Urban, Wayne J. Gender, Race, and the National Education Association: Professionalism and Its Limitations. New York: Routledge Falmer, 2000.
Wesley, Edgar B. NEA: The First Hundred Years. New York: Harper, 1957.
Ronald D.Cohen
National Education Association
NATIONAL EDUCATION ASSOCIATION
The National Education Association (NEA) is a nonprofit and nonpartisan professional organization made up of elementary and secondary school teachers, higher education faculty, education support professionals, school administrators, and others interested in public education. The NEA, which was founded in 1857, is the oldest and largest U.S. organization dealing with public education. The organization has more than 2.7 million members and is headquartered in Washington, D.C. The organization has approximately 565 staff members in its headquarters and regional offices. The association's budget for fiscal year 2002–03 was more than $267 million.
The NEA has 51 state-level affiliates that include 50 state associations and the Federal Education Association. The more than 14,000 local NEA affiliates include approximately 800 higher education affiliates. Anyone who works for a public school district, a college or university, or any other public institution devoted primarily to education is eligible to join the NEA. It also has special membership categories for retired educators and college students studying to become teachers.

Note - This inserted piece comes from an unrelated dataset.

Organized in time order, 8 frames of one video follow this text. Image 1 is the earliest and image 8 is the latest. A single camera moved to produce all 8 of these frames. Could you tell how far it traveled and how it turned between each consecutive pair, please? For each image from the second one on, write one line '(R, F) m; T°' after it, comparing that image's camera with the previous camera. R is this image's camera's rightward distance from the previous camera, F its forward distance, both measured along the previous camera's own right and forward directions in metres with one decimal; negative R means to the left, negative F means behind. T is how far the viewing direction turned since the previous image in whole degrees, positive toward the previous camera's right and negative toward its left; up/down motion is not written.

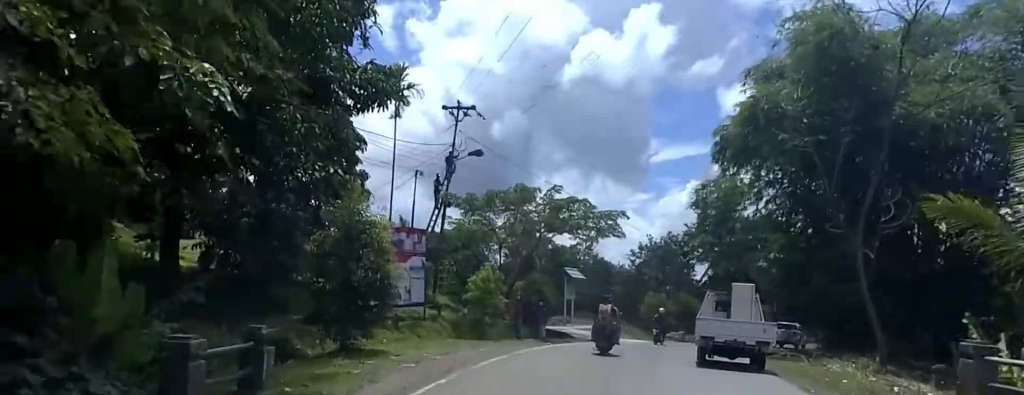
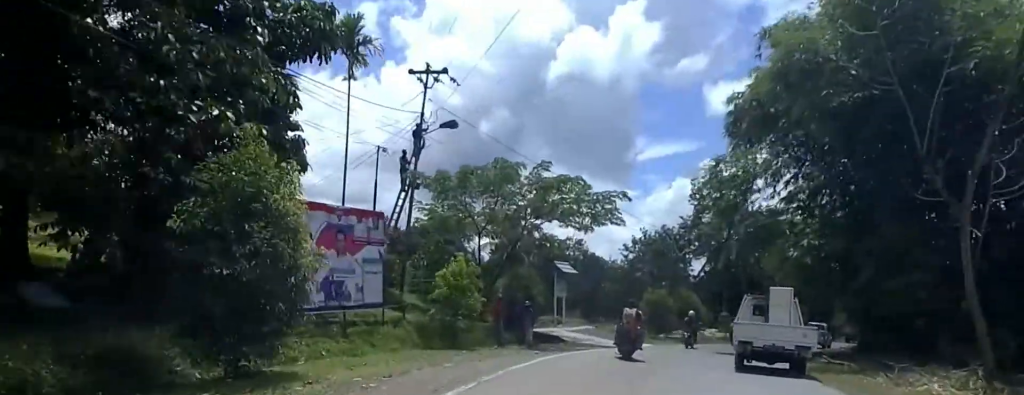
(+0.2, +4.6) m; +4°
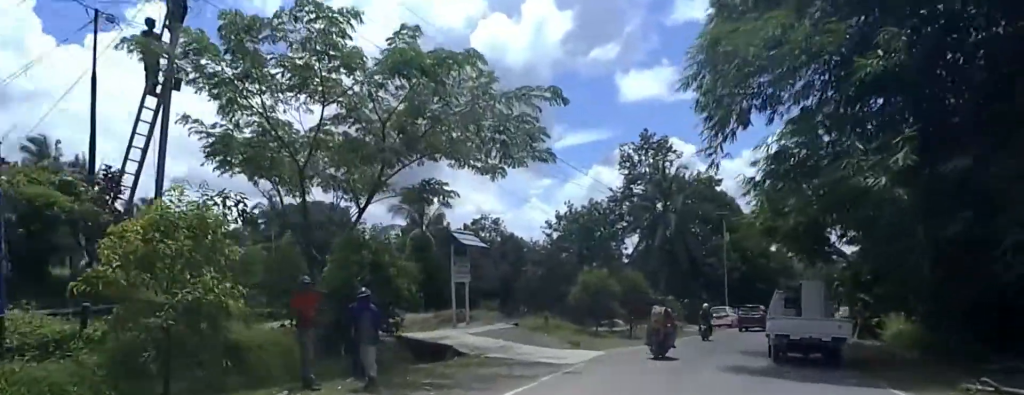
(+1.4, +11.0) m; +4°
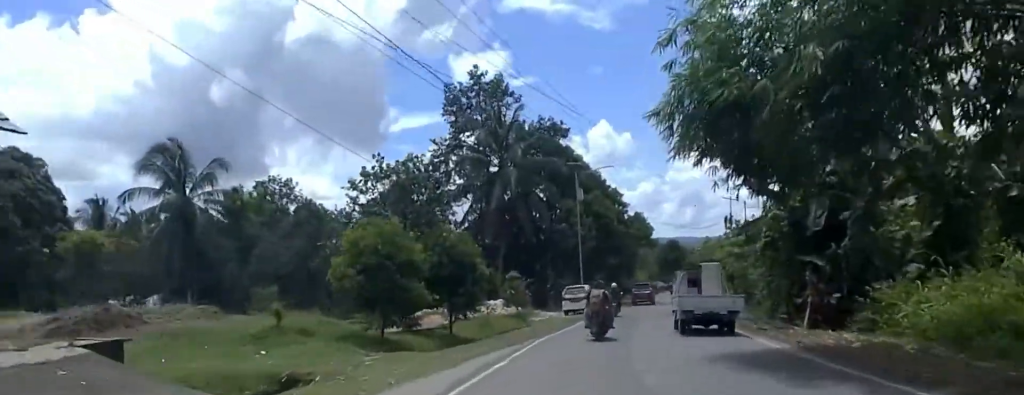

The NEA is a volunteer-based organization supported by a network of staff at the local, state, and national levels. At the local level, NEA affiliates are active in various capacities, such as conducting professional workshops on discipline and bargaining contracts for school district employees. At the state level, NEA affiliates regularly lobby legislators for the funds for public education, campaign for higher professional standards for the teaching profession, and file legal actions to protect academic freedom. At the national level, the NEA coordinates innovative projects to restructure how learning takes place and lobbies Congress on behalf of public education.
NEA members nationwide set association policy by meeting at their annual representative assembly every July. NEA members at the state and local levels elect the more than 9,000 assembly delegates, who, in turn, elect the top NEA officers, debate issues, and set NEA policy.
The NEA has been a vigorous opponent of efforts to privatize education through the use of tuition vouchers. It rejects the arguments of voucher advocates that vouchers improve student learning, provide meaningful parental choice, and increase educational opportunities for low-income students. Instead, the NEA contends that vouchers are costly and that they are not the panacea for the problems in public education.
The NEA has also expressed concerns about laws that allow the creation of charter schools, which are deregulated, autonomous public schools. Advocates of charter schools believe that freeing some public schools from many state and local mandates will encourage educational innovation, create greater parental involvement, and promote improvement of public education in general. The NEA, while not opposing the concept of charter schools, has lobbied for sufficient oversight of these new schools, believing that public accountability is necessary.
The election of george w. bush as president in 2000 and the gain of Republican seats in both the House and Senate in 2002 strengthened the position of voucher supporters and gave increased urgency to continuing NEA opposition. In 2003, faced with a weakening economy and the consequent tightening of state and local budgets, NEA continued to oppose the privatization of work traditionally performed by school district employees and pressed for reduced class sizes and the need to train more teachers as millions of veteran teachers neared retirement.
further readings
Berube, Maurice R. 1988. Teacher Politics: The Influence of Unions. New York: Greenwood Press.
Lieberman, Myron. 2000. The Teacher Unions: How They Sabotage Educational Reform and Why. San Francisco: Encounter Books.
National Education Association. Available online at <www.nea.org> (accessed July 28, 2003).